━━ DATA FOR PROCESSING ━━
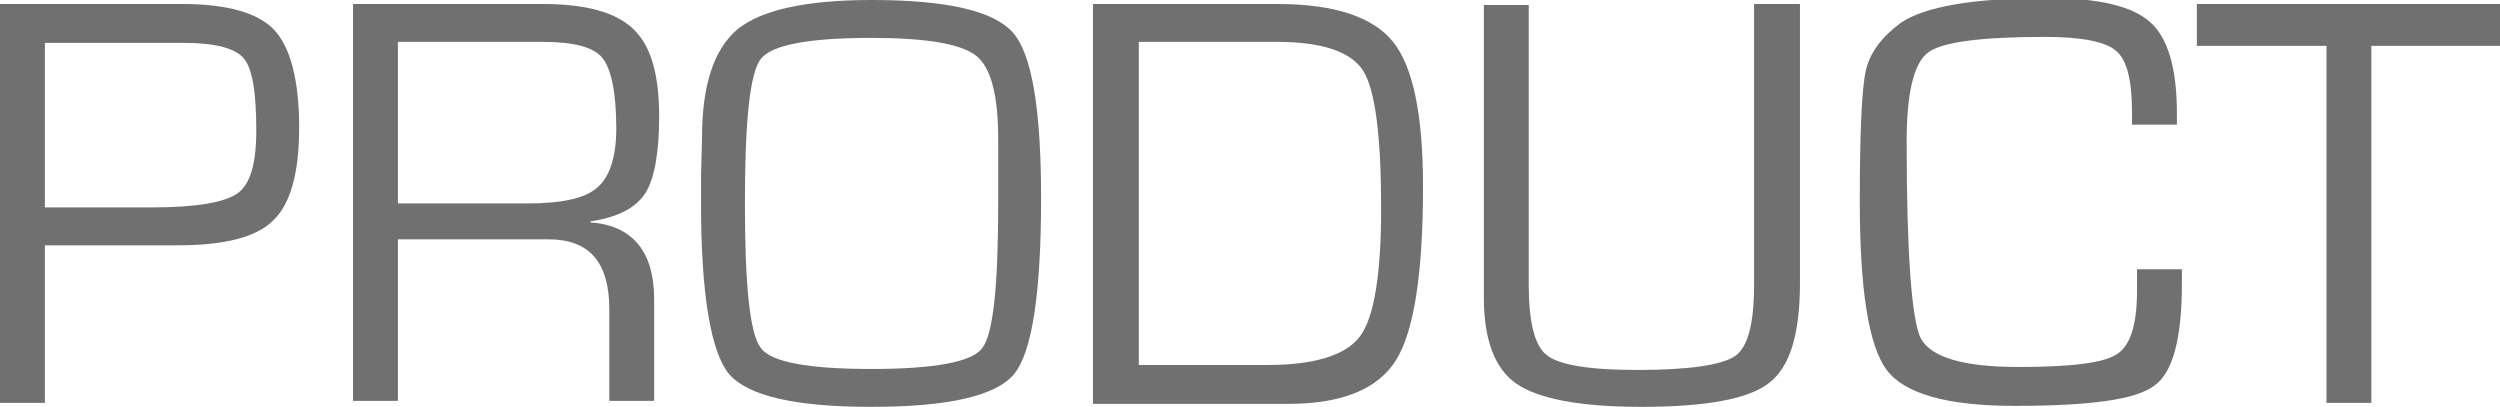 <?xml version="1.0" encoding="utf-8"?>
<!-- Generator: Adobe Illustrator 23.0.1, SVG Export Plug-In . SVG Version: 6.00 Build 0)  -->
<svg version="1.1" id="レイヤー_1" xmlns="http://www.w3.org/2000/svg" xmlns:xlink="http://www.w3.org/1999/xlink" x="0px"
	 y="0px" viewBox="0 0 250.7 40.8" style="enable-background:new 0 0 250.7 40.8;" xml:space="preserve">
<style type="text/css">
	.st0{fill:#717071;}
</style>
<g>
	<g>
		<path class="st0" d="M0,40.4v-40h16.8h1.5c4.5,0,7.6,0.9,9.2,2.6S30,8,30,12.8c0,4.6-0.9,7.7-2.6,9.3c-1.7,1.7-4.9,2.5-9.6,2.5
			l-1.8,0H4.5v15.8H0z M4.5,20.8h10.7c4.5,0,7.3-0.5,8.6-1.4c1.3-0.9,1.9-3,1.9-6.3c0-3.9-0.4-6.3-1.3-7.3s-2.9-1.5-6-1.5l-1.7,0
			H4.5V20.8z"/>
		<path class="st0" d="M35.4,40.4v-40h19c4.3,0,7.3,0.8,9.1,2.5c1.8,1.7,2.6,4.6,2.6,8.8c0,3.7-0.5,6.3-1.4,7.7
			c-1,1.5-2.8,2.4-5.5,2.8v0.1c4.2,0.3,6.4,2.9,6.4,7.7v10.2h-4.5v-9.2c0-4.7-2-7-6.1-7h-1.5H39.9v16.2H35.4z M39.9,20.4h13
			c3.4,0,5.8-0.5,7-1.6c1.2-1,1.9-3,1.9-5.9c0-3.6-0.5-6-1.4-7.1c-0.9-1.1-2.9-1.6-6-1.6H39.9V20.4z"/>
		<path class="st0" d="M87.4,0c7.6,0,12.3,1.1,14.2,3.3c1.9,2.2,2.8,7.7,2.8,16.6c0,9.5-0.9,15.4-2.7,17.6
			c-1.8,2.2-6.6,3.3-14.3,3.3c-7.7,0-12.4-1.1-14.3-3.3c-1.8-2.2-2.8-7.9-2.8-17.1v-2.8l0.1-3.8c0-5.3,1.2-8.9,3.6-10.9
			C76.4,1,80.8,0,87.4,0z M87.4,3.8c-6.3,0-10,0.7-11.1,2.1c-1.1,1.4-1.6,6.2-1.6,14.5c0,8.3,0.5,13.1,1.6,14.5
			C77.3,36.3,81,37,87.4,37c6.3,0,10.1-0.7,11.1-2.1c1.1-1.4,1.6-6.2,1.6-14.5v-2.6l0-3.8c0-4.4-0.7-7.2-2.2-8.4
			C96.4,4.4,92.9,3.8,87.4,3.8z"/>
		<path class="st0" d="M109.6,40.4v-40h18.5c5.7,0,9.6,1.3,11.6,3.8c2,2.5,3,7.3,3,14.5c0,8.7-0.9,14.5-2.7,17.4
			c-1.8,2.9-5.4,4.4-10.8,4.4H109.6z M114.1,36.6h13c4.8,0,7.9-1,9.3-2.9c1.4-1.9,2.1-6.2,2.1-12.8c0-7.3-0.6-11.9-1.8-13.8
			s-4.1-2.9-8.6-2.9h-13.9V36.6z"/>
		<path class="st0" d="M176,0.4h4.5v28c0,5.1-1,8.4-3.1,10c-2,1.6-6.3,2.4-12.8,2.4c-6.1,0-10.3-0.8-12.5-2.3
			c-2.2-1.5-3.3-4.4-3.3-8.7v-1.3v-28h4.5v28c0,3.8,0.6,6.2,1.8,7.1c1.2,1,4.3,1.5,9.1,1.5c5.2,0,8.5-0.5,9.8-1.4
			c1.3-0.9,1.9-3.3,1.9-7.2V0.4z"/>
		<path class="st0" d="M214.3,27h4.5v1.5c0,5.4-0.9,8.9-2.8,10.2c-1.9,1.4-6.5,2-14,2c-6.7,0-11-1.2-12.8-3.6
			c-1.8-2.4-2.7-8-2.7-16.9c0-6.9,0.2-11.3,0.6-13.1c0.4-1.8,1.6-3.4,3.5-4.8c2.3-1.6,7.2-2.5,14.7-2.5c5.1,0,8.5,0.8,10.3,2.4
			c1.8,1.6,2.7,4.6,2.7,9.2l0,1.1h-4.5l0-1.2c0-3.2-0.5-5.3-1.6-6.2c-1-0.9-3.4-1.4-7.1-1.4c-6.4,0-10.4,0.5-11.8,1.6
			c-1.4,1.1-2.1,4.1-2.1,8.9c0,11.2,0.5,17.8,1.4,19.7c1,1.9,4.2,2.9,9.8,2.9c5.3,0,8.6-0.4,9.9-1.3c1.3-0.8,2-2.9,2-6.3L214.3,27z"
			/>
		<path class="st0" d="M237.8,4.6v35.8h-4.5V4.6h-13V0.4h30.5v4.2H237.8z"/>
	</g>
</g>
</svg>

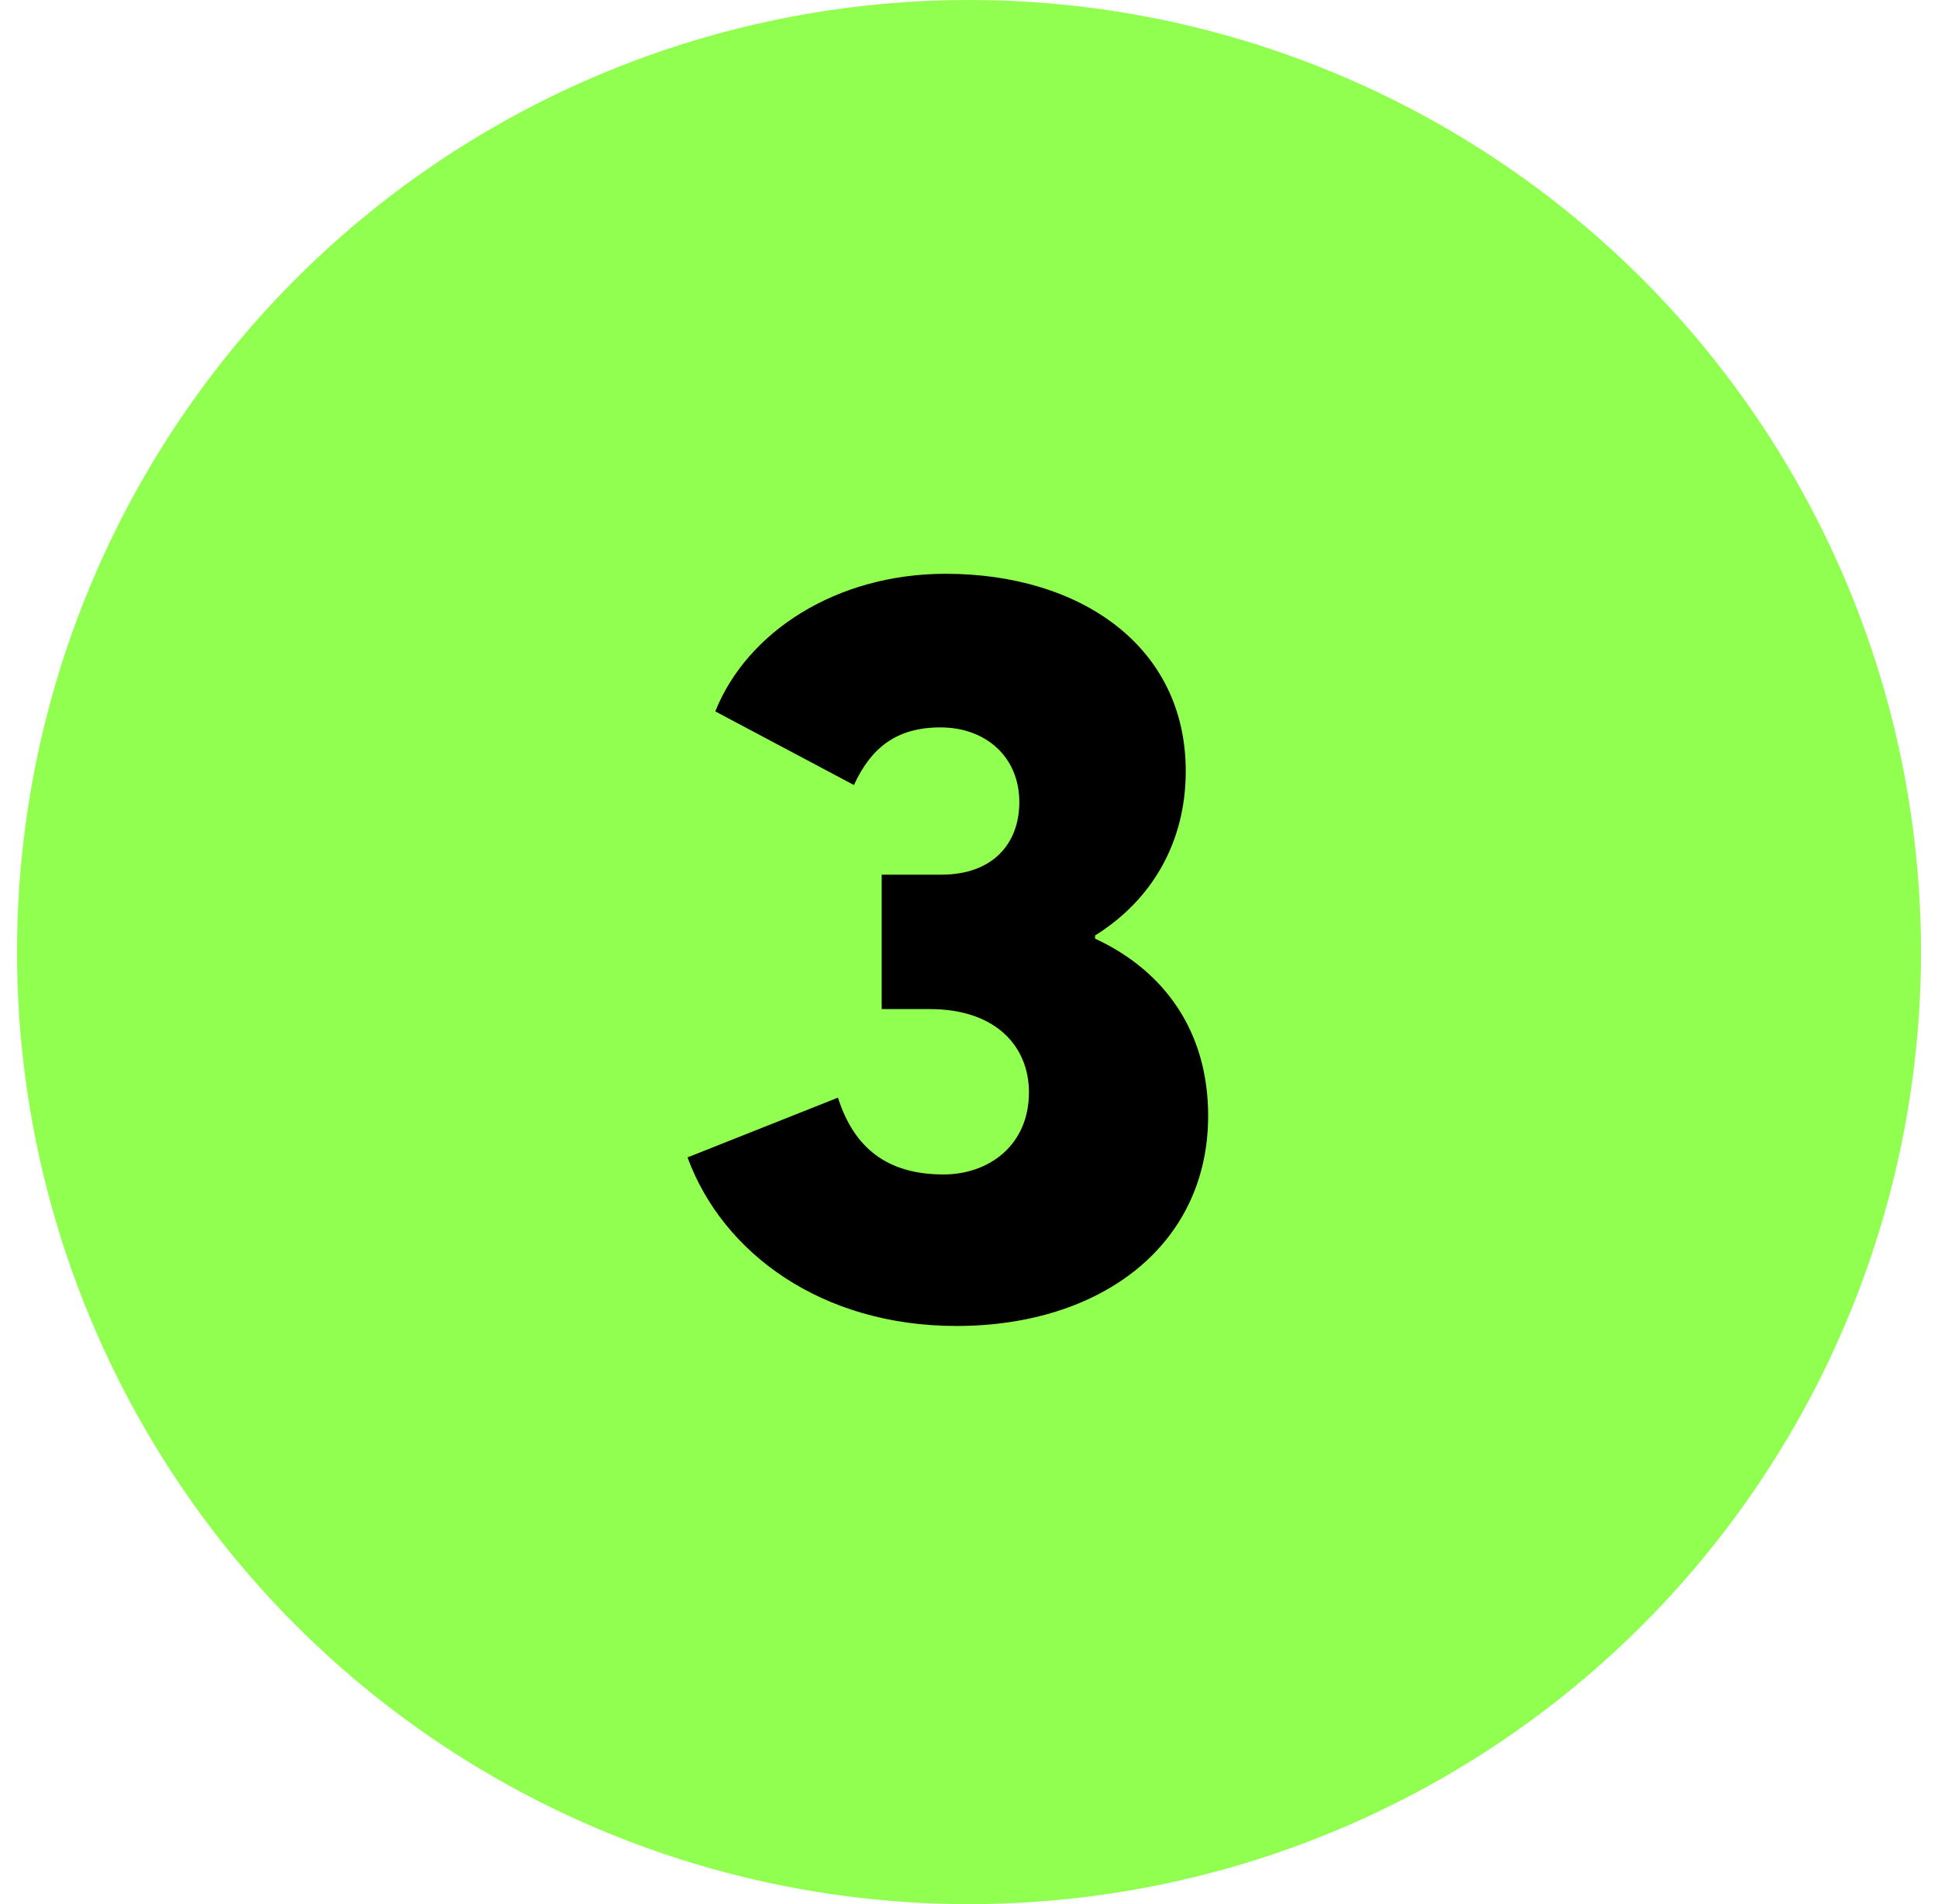<svg width="57" height="56" viewBox="0 0 57 56" fill="none" xmlns="http://www.w3.org/2000/svg">
<circle cx="28.5" cy="28" r="28" fill="#91FF50"/>
<path d="M28.129 38.997C32.396 38.997 35.534 36.612 35.534 32.815C35.534 30.336 34.248 28.548 32.208 27.606V27.512C33.871 26.477 34.875 24.782 34.875 22.68C34.875 18.977 31.737 16.875 27.815 16.875C24.614 16.875 21.979 18.569 21.037 20.922L25.116 23.088C25.619 21.989 26.372 21.393 27.658 21.393C29.007 21.393 29.98 22.272 29.98 23.59C29.98 24.814 29.196 25.724 27.689 25.724H25.932V29.677H27.344C29.29 29.677 30.263 30.776 30.263 32.125C30.263 33.694 29.07 34.541 27.752 34.541C26.089 34.541 25.116 33.757 24.646 32.282L20.221 34.039C21.257 36.863 24.175 38.997 28.129 38.997Z" fill="black"/>
</svg>
━━━
WHAT YOU WILL DO: Reproduce the material above in full and without alteration, but skip all pictures.

ANSWER SECTION:
 <?xml version="1.0" encoding="utf-8"?>
<!-- Generator: Adobe Illustrator 23.0.1, SVG Export Plug-In . SVG Version: 6.00 Build 0)  -->
<svg version="1.1" id="レイヤー_1" xmlns="http://www.w3.org/2000/svg" xmlns:xlink="http://www.w3.org/1999/xlink" x="0px"
	 y="0px" viewBox="0 0 250.7 40.8" style="enable-background:new 0 0 250.7 40.8;" xml:space="preserve">
<style type="text/css">
	.st0{fill:#717071;}
</style>
<g>
	<g>
		<path class="st0" d="M0,40.4v-40h16.8h1.5c4.5,0,7.6,0.9,9.2,2.6S30,8,30,12.8c0,4.6-0.9,7.7-2.6,9.3c-1.7,1.7-4.9,2.5-9.6,2.5
			l-1.8,0H4.5v15.8H0z M4.5,20.8h10.7c4.5,0,7.3-0.5,8.6-1.4c1.3-0.9,1.9-3,1.9-6.3c0-3.9-0.4-6.3-1.3-7.3s-2.9-1.5-6-1.5l-1.7,0
			H4.5V20.8z"/>
		<path class="st0" d="M35.4,40.4v-40h19c4.3,0,7.3,0.8,9.1,2.5c1.8,1.7,2.6,4.6,2.6,8.8c0,3.7-0.5,6.3-1.4,7.7
			c-1,1.5-2.8,2.4-5.5,2.8v0.1c4.2,0.3,6.4,2.9,6.4,7.7v10.2h-4.5v-9.2c0-4.7-2-7-6.1-7h-1.5H39.9v16.2H35.4z M39.9,20.4h13
			c3.4,0,5.8-0.5,7-1.6c1.2-1,1.9-3,1.9-5.9c0-3.6-0.5-6-1.4-7.1c-0.9-1.1-2.9-1.6-6-1.6H39.9V20.4z"/>
		<path class="st0" d="M87.4,0c7.6,0,12.3,1.1,14.2,3.3c1.9,2.2,2.8,7.7,2.8,16.6c0,9.5-0.9,15.4-2.7,17.6
			c-1.8,2.2-6.6,3.3-14.3,3.3c-7.7,0-12.4-1.1-14.3-3.3c-1.8-2.2-2.8-7.9-2.8-17.1v-2.8l0.1-3.8c0-5.3,1.2-8.9,3.6-10.9
			C76.4,1,80.8,0,87.4,0z M87.4,3.8c-6.3,0-10,0.7-11.1,2.1c-1.1,1.4-1.6,6.2-1.6,14.5c0,8.3,0.5,13.1,1.6,14.5
			C77.3,36.3,81,37,87.4,37c6.3,0,10.1-0.7,11.1-2.1c1.1-1.4,1.6-6.2,1.6-14.5v-2.6l0-3.8c0-4.4-0.7-7.2-2.2-8.4
			C96.4,4.4,92.9,3.8,87.4,3.8z"/>
		<path class="st0" d="M109.6,40.4v-40h18.5c5.7,0,9.6,1.3,11.6,3.8c2,2.5,3,7.3,3,14.5c0,8.7-0.9,14.5-2.7,17.4
			c-1.8,2.9-5.4,4.4-10.8,4.4H109.6z M114.1,36.6h13c4.8,0,7.9-1,9.3-2.9c1.4-1.9,2.1-6.2,2.1-12.8c0-7.3-0.6-11.9-1.8-13.8
			s-4.1-2.9-8.6-2.9h-13.9V36.6z"/>
		<path class="st0" d="M176,0.4h4.5v28c0,5.1-1,8.4-3.1,10c-2,1.6-6.3,2.4-12.8,2.4c-6.1,0-10.3-0.8-12.5-2.3
			c-2.2-1.5-3.3-4.4-3.3-8.7v-1.3v-28h4.5v28c0,3.8,0.6,6.2,1.8,7.1c1.2,1,4.3,1.5,9.1,1.5c5.2,0,8.5-0.5,9.8-1.4
			c1.3-0.9,1.9-3.3,1.9-7.2V0.4z"/>
		<path class="st0" d="M214.3,27h4.5v1.5c0,5.4-0.9,8.9-2.8,10.2c-1.9,1.4-6.5,2-14,2c-6.7,0-11-1.2-12.8-3.6
			c-1.8-2.4-2.7-8-2.7-16.9c0-6.9,0.2-11.3,0.6-13.1c0.4-1.8,1.6-3.4,3.5-4.8c2.3-1.6,7.2-2.5,14.7-2.5c5.1,0,8.5,0.8,10.3,2.4
			c1.8,1.6,2.7,4.6,2.7,9.2l0,1.1h-4.5l0-1.2c0-3.2-0.5-5.3-1.6-6.2c-1-0.9-3.4-1.4-7.1-1.4c-6.4,0-10.4,0.5-11.8,1.6
			c-1.4,1.1-2.1,4.1-2.1,8.9c0,11.2,0.5,17.8,1.4,19.7c1,1.9,4.2,2.9,9.8,2.9c5.3,0,8.6-0.4,9.9-1.3c1.3-0.8,2-2.9,2-6.3L214.3,27z"
			/>
		<path class="st0" d="M237.8,4.6v35.8h-4.5V4.6h-13V0.4h30.5v4.2H237.8z"/>
	</g>
</g>
</svg>

<svg width="57" height="56" viewBox="0 0 57 56" fill="none" xmlns="http://www.w3.org/2000/svg">
<circle cx="28.5" cy="28" r="28" fill="#91FF50"/>
<path d="M28.129 38.997C32.396 38.997 35.534 36.612 35.534 32.815C35.534 30.336 34.248 28.548 32.208 27.606V27.512C33.871 26.477 34.875 24.782 34.875 22.68C34.875 18.977 31.737 16.875 27.815 16.875C24.614 16.875 21.979 18.569 21.037 20.922L25.116 23.088C25.619 21.989 26.372 21.393 27.658 21.393C29.007 21.393 29.98 22.272 29.98 23.59C29.98 24.814 29.196 25.724 27.689 25.724H25.932V29.677H27.344C29.29 29.677 30.263 30.776 30.263 32.125C30.263 33.694 29.07 34.541 27.752 34.541C26.089 34.541 25.116 33.757 24.646 32.282L20.221 34.039C21.257 36.863 24.175 38.997 28.129 38.997Z" fill="black"/>
</svg>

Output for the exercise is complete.